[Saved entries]
○ ○ ○ ○ ○
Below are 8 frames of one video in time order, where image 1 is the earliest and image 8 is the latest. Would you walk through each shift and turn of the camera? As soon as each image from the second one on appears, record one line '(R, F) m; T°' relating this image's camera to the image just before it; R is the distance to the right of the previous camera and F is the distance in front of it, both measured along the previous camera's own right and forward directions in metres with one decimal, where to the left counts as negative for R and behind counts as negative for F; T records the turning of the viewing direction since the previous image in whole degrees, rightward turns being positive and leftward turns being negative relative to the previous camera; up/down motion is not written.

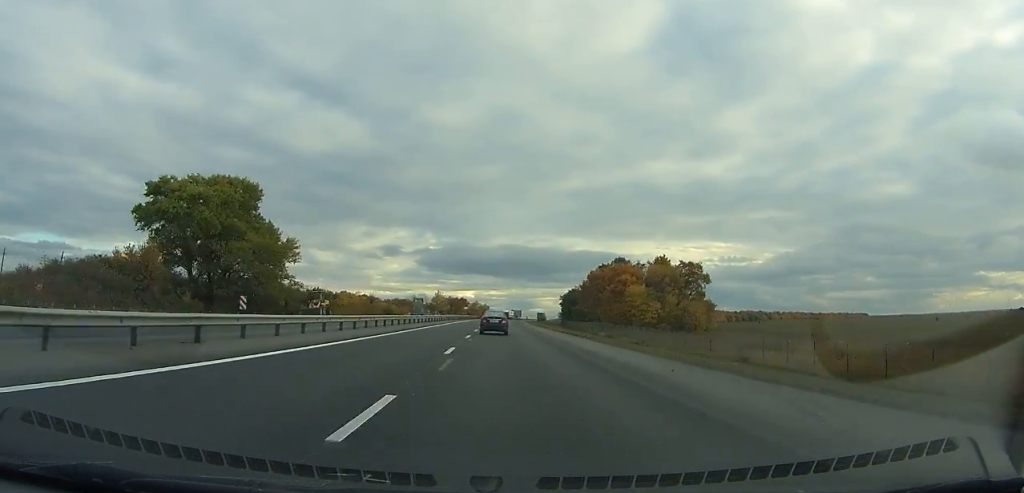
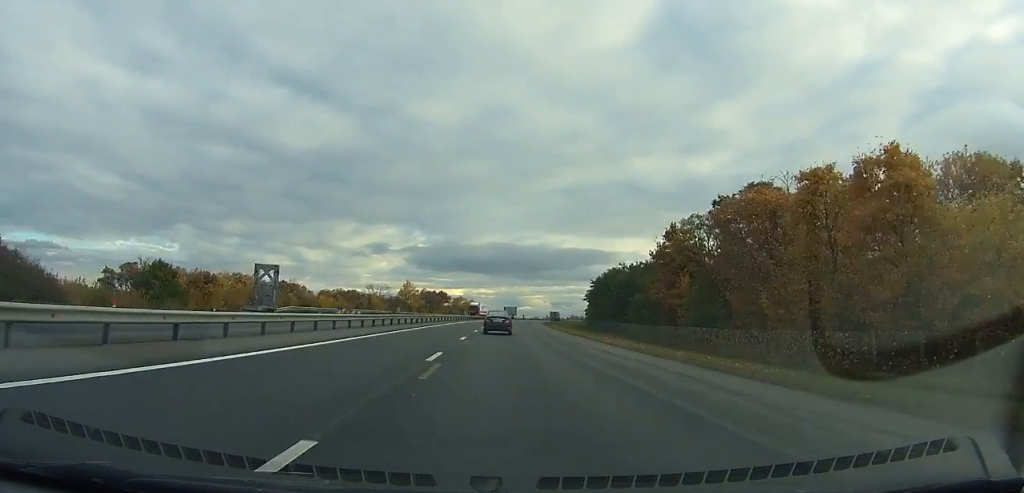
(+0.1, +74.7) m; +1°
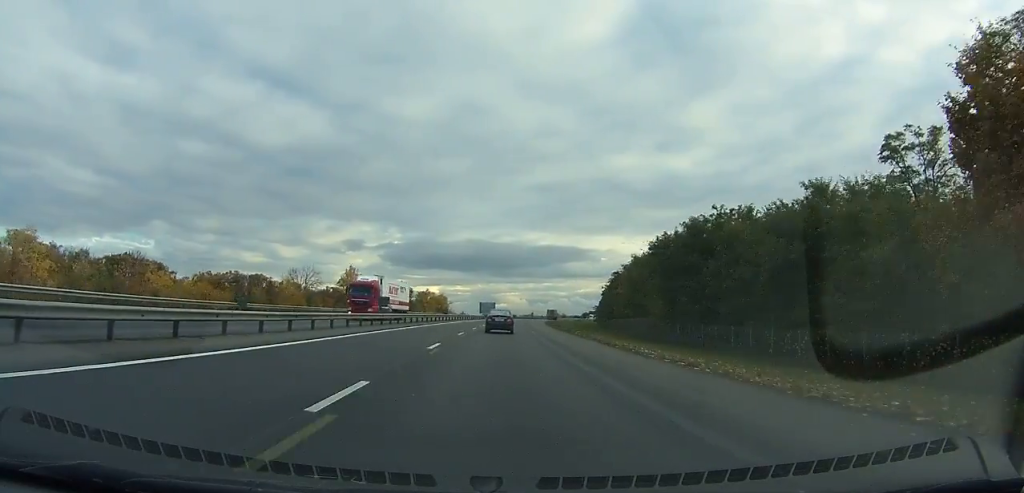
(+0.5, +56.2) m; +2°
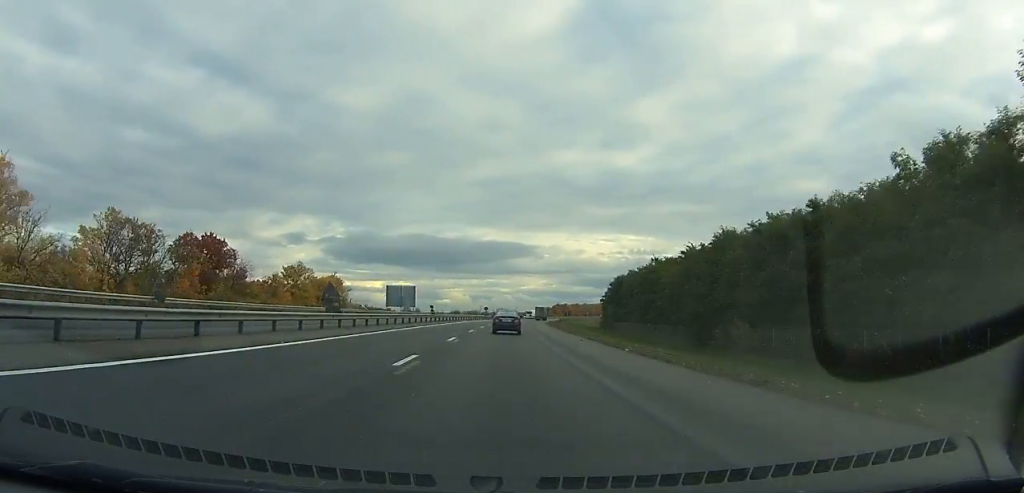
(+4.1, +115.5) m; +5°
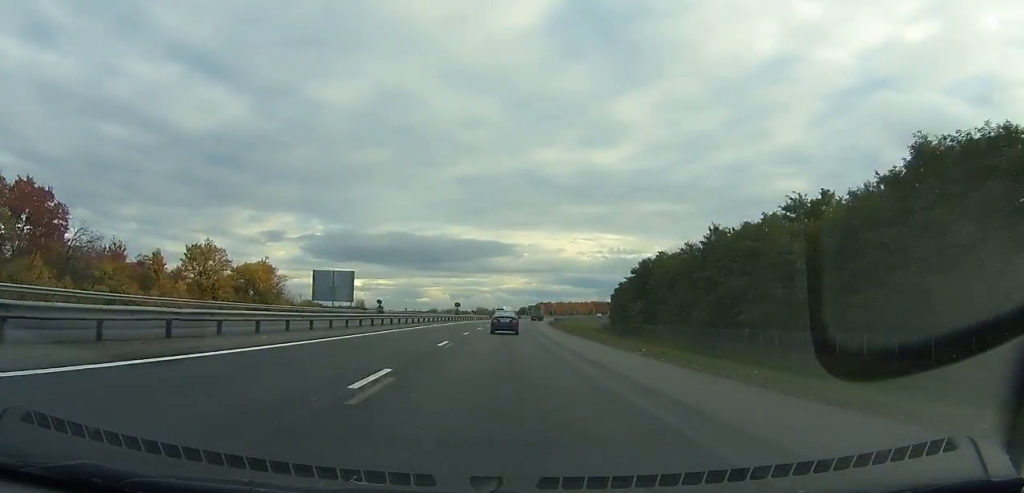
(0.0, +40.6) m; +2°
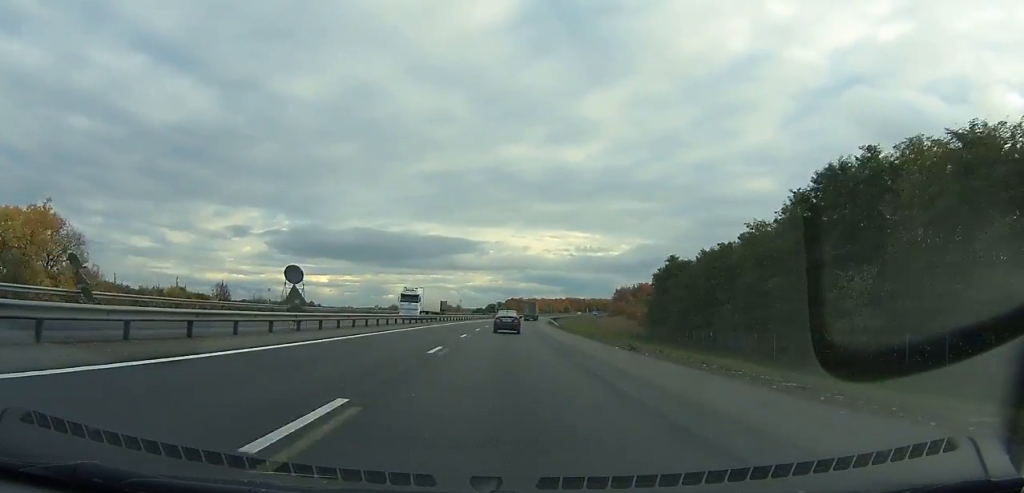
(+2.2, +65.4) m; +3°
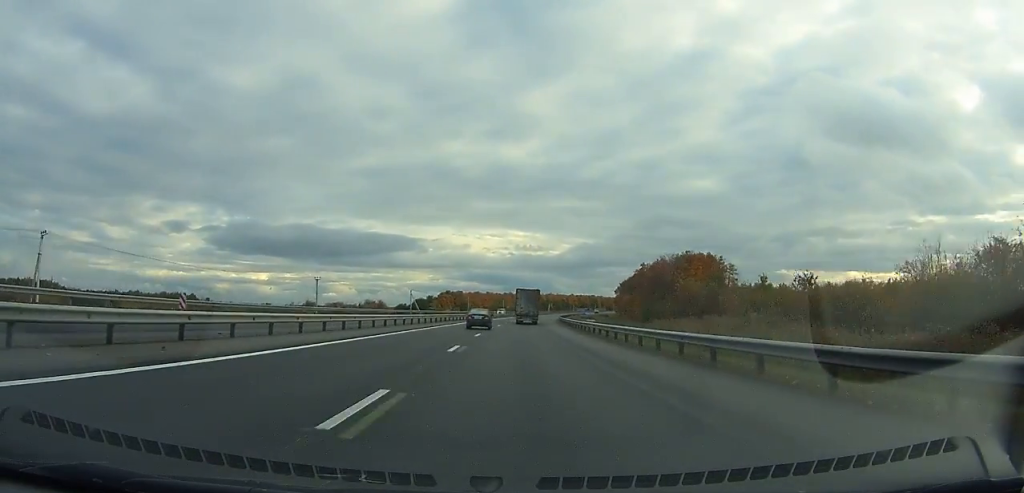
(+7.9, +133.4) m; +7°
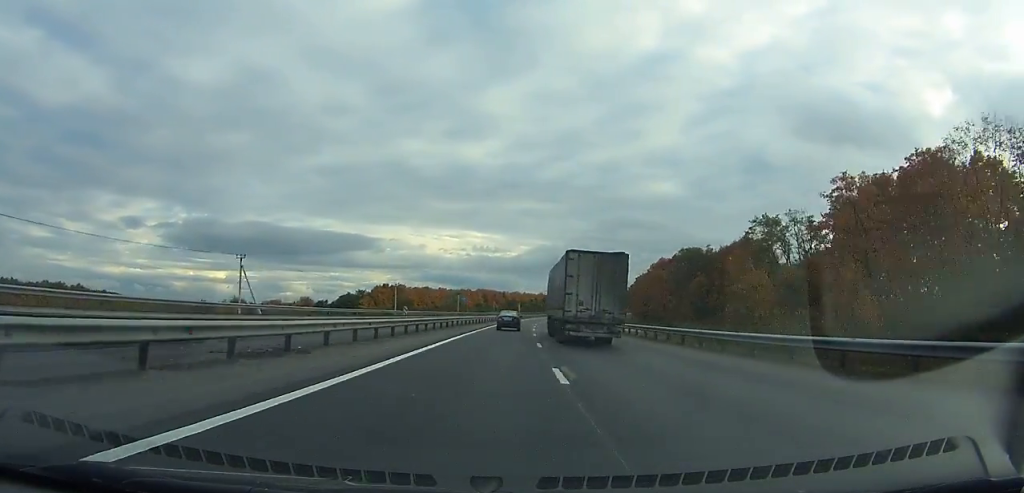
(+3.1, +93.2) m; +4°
○ ○ ○ ○ ○
PROBLEM :: Transcribe every entry exactly, leaving out the pictures.

ANSWER ::
Below are 8 frames of one video in time order, where image 1 is the earliest and image 8 is the latest. Would you walk through each shift and turn of the camera? As soon as each image from the second one on appears, record one line '(R, F) m; T°' relating this image's camera to the image just before it; R is the distance to the right of the previous camera and F is the distance in front of it, both measured along the previous camera's own right and forward directions in metres with one decimal, where to the left counts as negative for R and behind counts as negative for F; T records the turning of the viewing direction since the previous image in whole degrees, rightward turns being positive and leftward turns being negative relative to the previous camera; up/down motion is not written.

(+0.1, +74.7) m; +1°
(+0.5, +56.2) m; +2°
(+4.1, +115.5) m; +5°
(0.0, +40.6) m; +2°
(+2.2, +65.4) m; +3°
(+7.9, +133.4) m; +7°
(+3.1, +93.2) m; +4°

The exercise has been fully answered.